Bussière J L, Josse D, Corbé H, Ricordel I, Ollivier J P
Services de cardiologie, hôpital d'instruction des armées du Val-de-Grâce, Paris.
Arch Mal Coeur Vaiss. 1995 Nov;88(11):1577-82.
The aim of this study was to assess the reliability of immuno-nephelemetric assay (INA) of lipoprotein (Lp(a)) compared with immuno-radiometric (IRMA) and immuno-enzymologic (ELISA) assays in a coronary (P1) and a non-coronary (P2) populations. The serums of 66 coronary subjects (P1) with an average age of 61.5 +/- 10 years and 137 non-coronary subjects (P2) with an average age of 54 +/- 12 years were analysed by the 3 techniques. The technical characteristics of the INA were: negligeable interference with plasminogen (PLG) (< 1/100) for PLG < 375 mg/l; excellent repeatability and reproducibility at low, medium and high concentrations, respectively 12.3 and 7.5%. 1.2 and 1.2%, 1.3 and 1.1%, low dependance on sample conservation (stable 5 days at +4 degrees C), excellent practicability (simple and quick automised analysis: 10 min).
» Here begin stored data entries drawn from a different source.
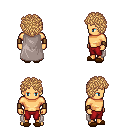
a pixel art fantasy rpg character, male body template, human, tanned skin, gray cape, red pants, light blonde curly afro hairstyle, leather bracers, brown slippers, four views (front, back, left, right), 2x2 character sprite sheet, small pixel art, hard edges, no anti-aliasing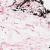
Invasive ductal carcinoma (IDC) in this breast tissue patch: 0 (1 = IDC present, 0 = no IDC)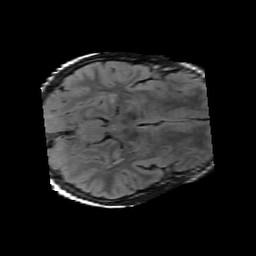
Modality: FLAIR
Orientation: axial
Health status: ill
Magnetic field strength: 3 T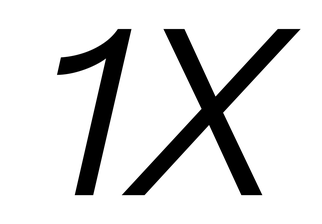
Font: InstrumentSans-Italic_Italic
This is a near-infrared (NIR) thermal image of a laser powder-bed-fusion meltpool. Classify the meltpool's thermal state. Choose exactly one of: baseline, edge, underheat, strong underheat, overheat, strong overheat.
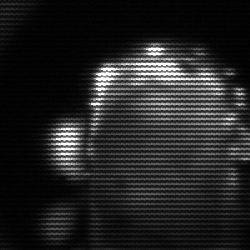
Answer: baseline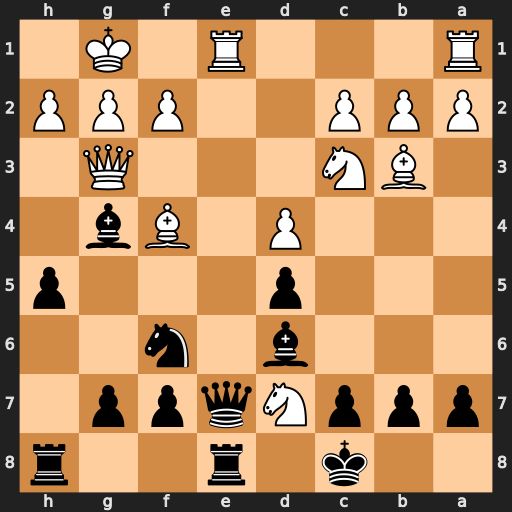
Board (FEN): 2k1r2r/pppNqpp1/3b1n2/3p3p/3P1Bb1/1BN3Q1/PPP2PPP/R3R1K1
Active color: b
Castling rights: -
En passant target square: -
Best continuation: Qxe1+ Rxe1 Rxe1#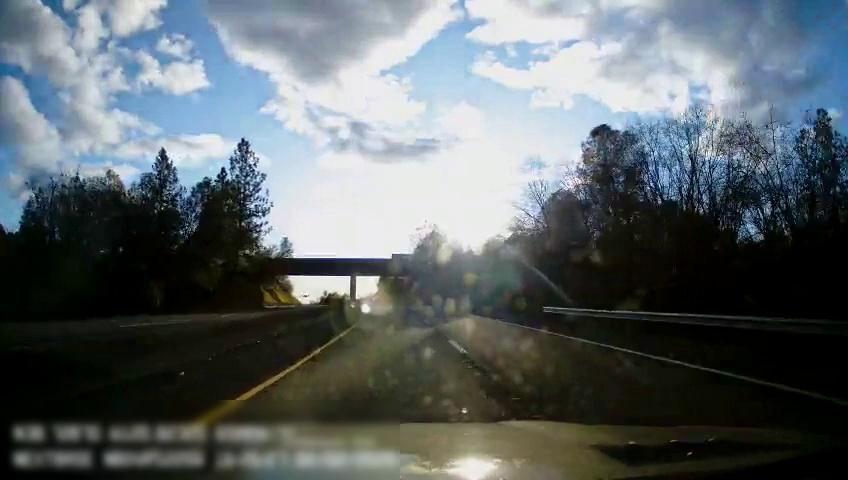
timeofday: Day
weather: Sunny
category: Drivable Space
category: Lanes | Current Lane
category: Lanes | Alternate Lane
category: Lanes | Current Lane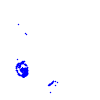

The linear correlations with the concentrations of Lp(a) were: excellent with INA/IRMA P1 and P2: 0.99; very good with INA/ELISA P1: 0.88 and P2: 0.85; very good between IRMA/ELISA P1: 0.91 and P2: 0.87. The average values of Lp(a) were 386 mg/l (INA), 339 mg/l (IRMA), 316 mg/l (ELISA) for P1, and 231 mg/l (INA), 212 mg/l (IRMA) and 153 mg/l (ELISA) for P2, with a significant difference between P1 and P2 with all three techniques: 0.0138 (INA), 0.0207 (IRMA) and 0.0001 (ELISA). The authors concluded that measuring Lp(a) by INA is reliable with respect to IRMA and ELISA techniques, as accurate, quicker, automatised and cheaper, compensating for a lower sensitivity, a calculated risk of a non-specific reaction and the necessity of a shorter delay of analysis. The comparative results in two populations demonstrate it to be an excellent marker of coronary risk for epidemiological studies, independant of other risk factors.